Sometimes, micro-scale traffic hunts can produce big results. Identify small sloughs, creeks, ponds or backwaters between a big roost and a hot feed, and set up there. You probably won’t find many ducks on those little waters, but you might have loads of birds flying overhead. A crafty setup can convince them to drop down for a look.

Set a relatively large spread. The actual number of decoys will depend on the size of the water you’re hunting, but three- to six-dozen probably isn’t too many. Place some full-body geese and mallards along the shoreline to imitate loafing birds, and run several spinners to grab the attention of passing ducks. Aggressive calling often wins the day in such situations. If you’re hunting with a group, make one person the lead caller, and have other hunters complement his calling, perhaps uttering single quacks or feeding chuckles as the leader hail-calls birds or works them on the corners.

THE NEXT FIELD

In ag country, migrating puddle ducks often fill refuges and feed at morning and evening in harvested fields. When you cannot get landowner permission on one of those feeds, prospects might seem poor. But don’t give up. Try to obtain permission to hunt a field somewhat near the refuge and, ideally, along a flight line. Obviously, a field bordering and downwind of the hot feed is probably the best bet. But any field along a route ducks and geese fly over going from roost to food and back can work. Just don’t set up too close to the refuge, as shotgun volleys might spook nearby birds.

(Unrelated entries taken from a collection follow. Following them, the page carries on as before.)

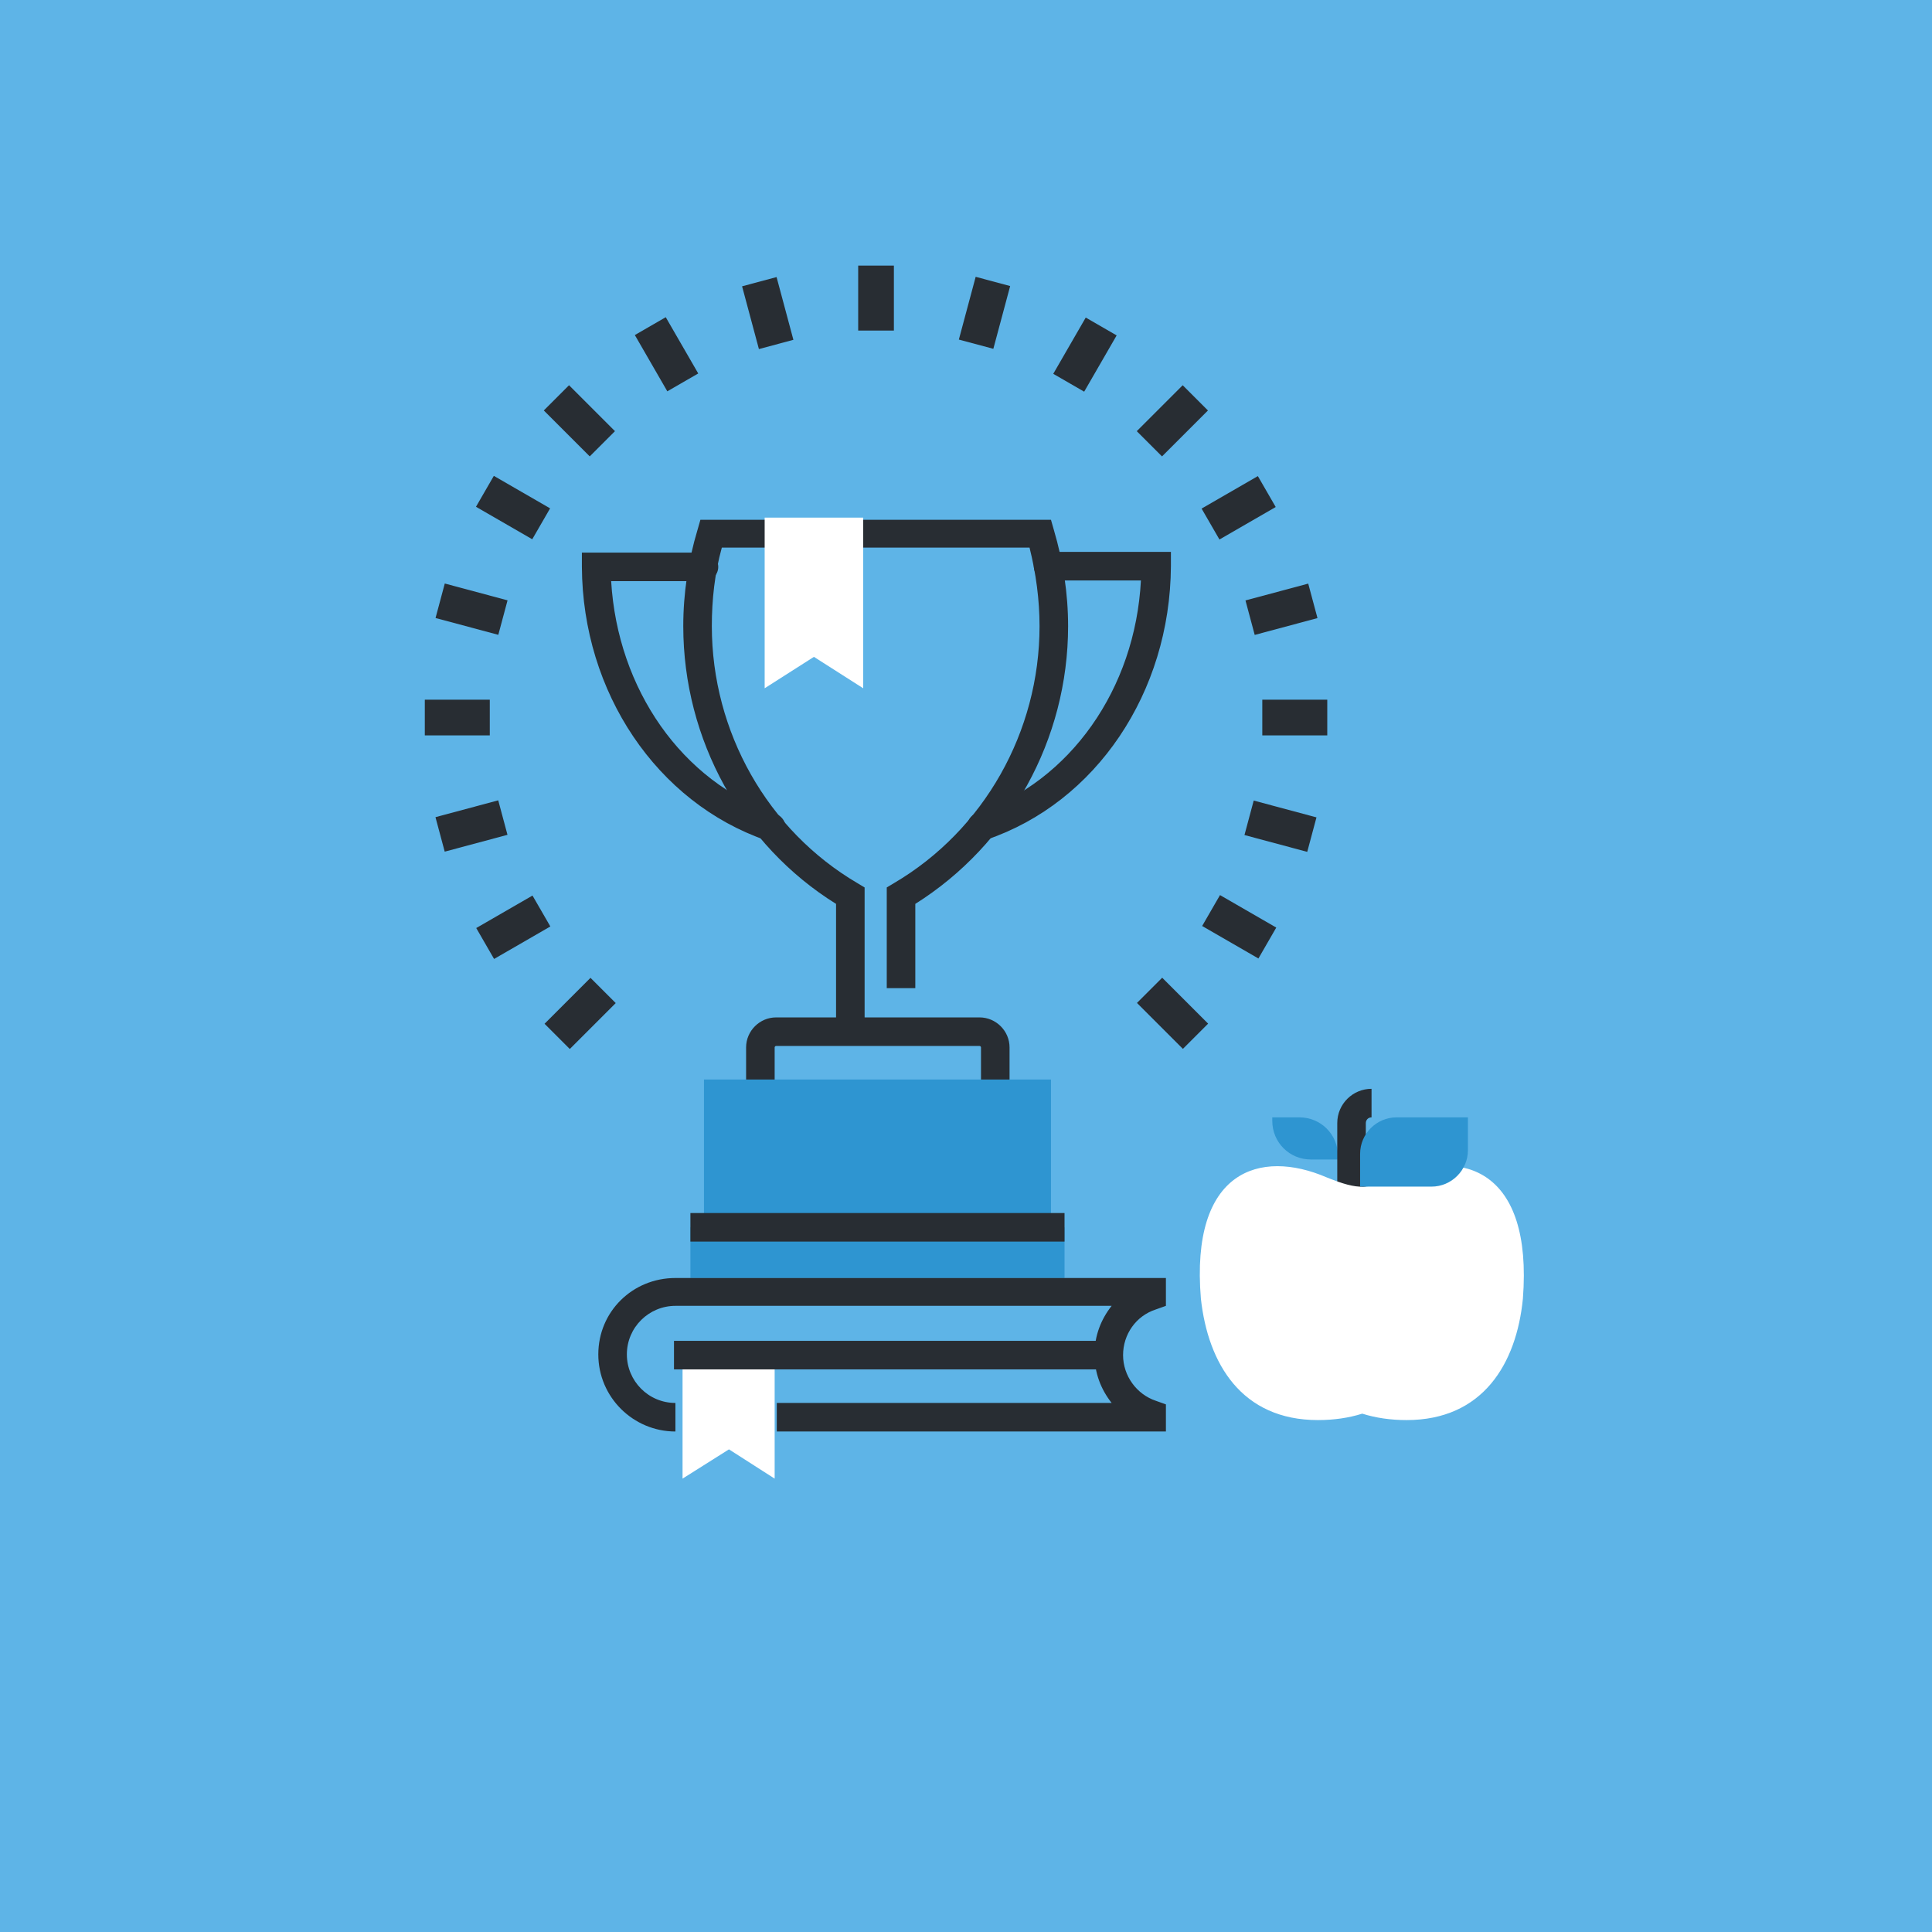 <?xml version="1.0" encoding="utf-8"?>
<!-- Generator: Adobe Illustrator 19.1.0, SVG Export Plug-In . SVG Version: 6.00 Build 0)  -->
<svg version="1.1" xmlns="http://www.w3.org/2000/svg" xmlns:xlink="http://www.w3.org/1999/xlink" x="0px" y="0px"
	 viewBox="0 0 270.6 270.6" enable-background="new 0 0 270.6 270.6" xml:space="preserve">
<g id="SCIENCE_RESEARCH">
</g>
<g id="SKILL_DEVELOPMENT">
	<rect fill="#5EB4E7" width="270.6" height="270.6"/>
	<g>
		<g>
			<path fill="#2E95D1" d="M183.6,162.4h3.8v-0.5c0-3-2.4-5.4-5.4-5.4h-3.8v0.5C178.2,160,180.6,162.4,183.6,162.4z"/>
			<g>
				<path fill="#282D33" d="M191.3,169h-4v-11.7c0-2.7,2.2-4.8,4.8-4.8v4c-0.5,0-0.8,0.4-0.8,0.8V169z"/>
			</g>
			<g>
				<path fill="#FFFFFF" d="M185.8,164.9c4.7,1.9,5.8,1.6,9.7,0c9.3-4.1,19.2-1.1,17.8,17c-0.9,9.1-5.6,17-16.3,17
					c-2.2,0-4.3-0.3-6.2-0.9c-1.9,0.6-4,0.9-6.2,0.9c-10.7,0-15.4-7.9-16.4-17C166.7,163.9,176.5,160.9,185.8,164.9z"/>
			</g>
			<path fill="#2E95D1" d="M190.5,161.6v4.6h10c2.8,0,5.1-2.3,5.1-5.1v-4.6h-10C192.8,156.5,190.5,158.8,190.5,161.6z"/>
		</g>
		<g>
			<g>
				<g>
					<path fill="#282D33" d="M141.4,151.6h-4v-4.9c0-0.1-0.1-0.2-0.2-0.2h-28.5c-0.1,0-0.2,0.1-0.2,0.2v4.9h-4v-4.9
						c0-2.3,1.9-4.2,4.2-4.2h28.5c2.3,0,4.2,1.9,4.2,4.2V151.6z"/>
				</g>
				<rect x="96.7" y="171.9" fill="#2E95D1" width="52.4" height="7.1"/>
				<rect x="98.6" y="151.2" fill="#2E95D1" width="48.6" height="20.7"/>
				<g>
					<path fill="#282D33" d="M121.1,142.7h-4v-16.1c-13.2-8.2-21.4-23-21.4-38.9c0-4.6,0.7-9.2,2-13.5l0.4-1.4h49.1l0.4,1.4
						c1.3,4.4,2,8.9,2,13.5c0,15.9-8.2,30.6-21.4,38.9v11.8h-4v-14.1l1-0.6c12.6-7.4,20.4-21.2,20.4-36c0-3.7-0.5-7.4-1.4-11h-43.1
						c-1,3.6-1.4,7.3-1.4,11c0,14.8,7.8,28.6,20.4,36l1,0.6V142.7z"/>
				</g>
				<g>
					<path fill="#282D33" d="M137.5,117.8c-0.8,0-1.6-0.5-1.9-1.4c-0.4-1,0.2-2.2,1.2-2.5c13.1-4.5,22.2-17.4,23-32.6h-13
						c-1.1,0-2-0.9-2-2s0.9-2,2-2H164l0,2c-0.1,17.7-10.5,33.1-25.8,38.3C138,117.8,137.8,117.8,137.5,117.8z"/>
				</g>
				<g>
					<path fill="#282D33" d="M107.9,117.8c-0.2,0-0.4,0-0.6-0.1c-15.3-5.3-25.7-20.7-25.8-38.3l0-2h17.1c1.1,0,2,0.9,2,2s-0.9,2-2,2
						h-13c0.9,15.1,9.9,28.1,23.1,32.6c1,0.4,1.6,1.5,1.2,2.5C109.5,117.3,108.7,117.8,107.9,117.8z"/>
				</g>
				<g>
					<rect x="96.7" y="169.9" fill="#282D33" width="52.4" height="4"/>
				</g>
			</g>
			<polygon fill="#FFFFFF" points="120.9,96.4 114,92 107.1,96.4 107.1,72.5 114,72.5 120.9,72.5 			"/>
		</g>
		<g>
			<g>
				<g>
					<path fill="#282D33" d="M163.3,200.5h-54.5v-4h46.9c-1.5-1.9-2.4-4.2-2.4-6.8s0.9-4.9,2.4-6.8H94.6c-3.7,0-6.8,3-6.8,6.8
						c0,3.7,3,6.8,6.8,6.8v4c-5.9,0-10.8-4.8-10.8-10.8S88.6,179,94.6,179h68.7v3.9l-1.4,0.5c-2.8,0.9-4.6,3.5-4.6,6.4
						s1.9,5.5,4.6,6.4l1.4,0.5V200.5z"/>
				</g>
				<g>
					<rect x="94.4" y="187.8" fill="#282D33" width="61.7" height="4"/>
				</g>
			</g>
			<polygon fill="#FFFFFF" points="108.5,207.1 102.1,203 95.6,207.1 95.6,191.8 102.1,191.8 108.5,191.8 			"/>
		</g>
		<g>
			<g>
				<rect x="120.2" y="37.2" fill="#282D33" width="5" height="9.1"/>
			</g>
			<g>
				
					<rect x="103" y="41.3" transform="matrix(0.259 0.966 -0.966 0.259 121.987 -71.389)" fill="#282D33" width="9.1" height="5"/>
			</g>
			<g>
				
					<rect x="88.8" y="47.1" transform="matrix(0.5 0.866 -0.866 0.5 89.635 -56.023)" fill="#282D33" width="9.1" height="5"/>
			</g>
			<g>
				
					<rect x="76.6" y="56.5" transform="matrix(0.707 0.707 -0.707 0.707 65.49 -40.147)" fill="#282D33" width="9.1" height="5"/>
			</g>
			<g>
				
					<rect x="67.3" y="68.6" transform="matrix(0.866 0.5 -0.5 0.866 45.186 -26.407)" fill="#282D33" width="9.1" height="5"/>
			</g>
			<g>
				
					<rect x="61.5" y="82.8" transform="matrix(0.966 0.259 -0.259 0.966 24.334 -14.185)" fill="#282D33" width="9.1" height="5"/>
			</g>
			<g>
				<rect x="59.5" y="98" fill="#282D33" width="9.1" height="5"/>
			</g>
			<g>
				
					<rect x="63.5" y="111.1" transform="matrix(0.259 0.966 -0.966 0.259 160.66 21.981)" fill="#282D33" width="5" height="9.1"/>
			</g>
			<g>
				
					<rect x="69.4" y="125.3" transform="matrix(0.5 0.866 -0.866 0.5 148.393 2.683)" fill="#282D33" width="5" height="9.1"/>
			</g>
			<g>
				
					<rect x="78.7" y="137.4" transform="matrix(0.707 0.707 -0.707 0.707 124.206 -15.825)" fill="#282D33" width="5" height="9.1"/>
			</g>
			<g>
				
					<rect x="159.6" y="139.5" transform="matrix(0.707 0.707 -0.707 0.707 148.569 -74.524)" fill="#282D33" width="9.1" height="5"/>
			</g>
			<g>
				
					<rect x="169" y="127.3" transform="matrix(0.866 0.5 -0.5 0.866 88.172 -69.374)" fill="#282D33" width="9.1" height="5"/>
			</g>
			<g>
				
					<rect x="174.8" y="113.2" transform="matrix(0.966 0.259 -0.259 0.966 36.06 -42.497)" fill="#282D33" width="9.1" height="5"/>
			</g>
			<g>
				<rect x="176.8" y="98" fill="#282D33" width="9.1" height="5"/>
			</g>
			<g>
				
					<rect x="176.9" y="80.7" transform="matrix(0.259 0.966 -0.966 0.259 215.373 -110.045)" fill="#282D33" width="5" height="9.1"/>
			</g>
			<g>
				<rect x="171" y="66.6" transform="matrix(0.5 0.866 -0.866 0.5 148.355 -114.702)" fill="#282D33" width="5" height="9.1"/>
			</g>
			<g>
				
					<rect x="161.7" y="54.4" transform="matrix(0.707 0.707 -0.707 0.707 89.791 -98.825)" fill="#282D33" width="5" height="9.1"/>
			</g>
			<g>
				
					<rect x="149.5" y="45.1" transform="matrix(0.866 0.5 -0.5 0.866 45.154 -69.329)" fill="#282D33" width="5" height="9.1"/>
			</g>
			<g>
				
					<rect x="135.4" y="39.2" transform="matrix(0.966 0.259 -0.259 0.966 16.012 -34.165)" fill="#282D33" width="5" height="9.1"/>
			</g>
		</g>
	</g>
</g>
<g id="SHARE_IDEAS">
</g>
<g id="INNOVATION">
</g>
<g id="MATHS">
</g>
<g id="LANGUAGE_LEARNING">
</g>
<g id="E-LEARNING">
</g>
<g id="EDUCATION_APPS">
</g>
<g id="POTENTIAL">
</g>
<g id="CERTIFICATE">
</g>
<g id="ONLINE_TESTS">
</g>
<g id="TIMETABLE">
</g>
<g id="DISTANCE_EDUCATION">
</g>
<g id="VIDEO_TUTORIALS">
</g>
<g id="LIBRARY">
</g>
<g id="ONLINE_TRAINING__x26__COURSES">
</g>
</svg>

As with most traffic situations, set out as many decoys as possible. Goose decoys work fine for combo hunts or even just ducks, but mix in some mallards if you like. Set your best-looking full-body blocks downwind, and use socks, silhouettes and shells to fill holes and hide your blinds upwind. Set several spinners in or near your kill holes, but use a remote control to turn them off when geese are working. Start out calling aggressively to get the attention of passing birds, but adjust your tactics depending on how ducks and geese react.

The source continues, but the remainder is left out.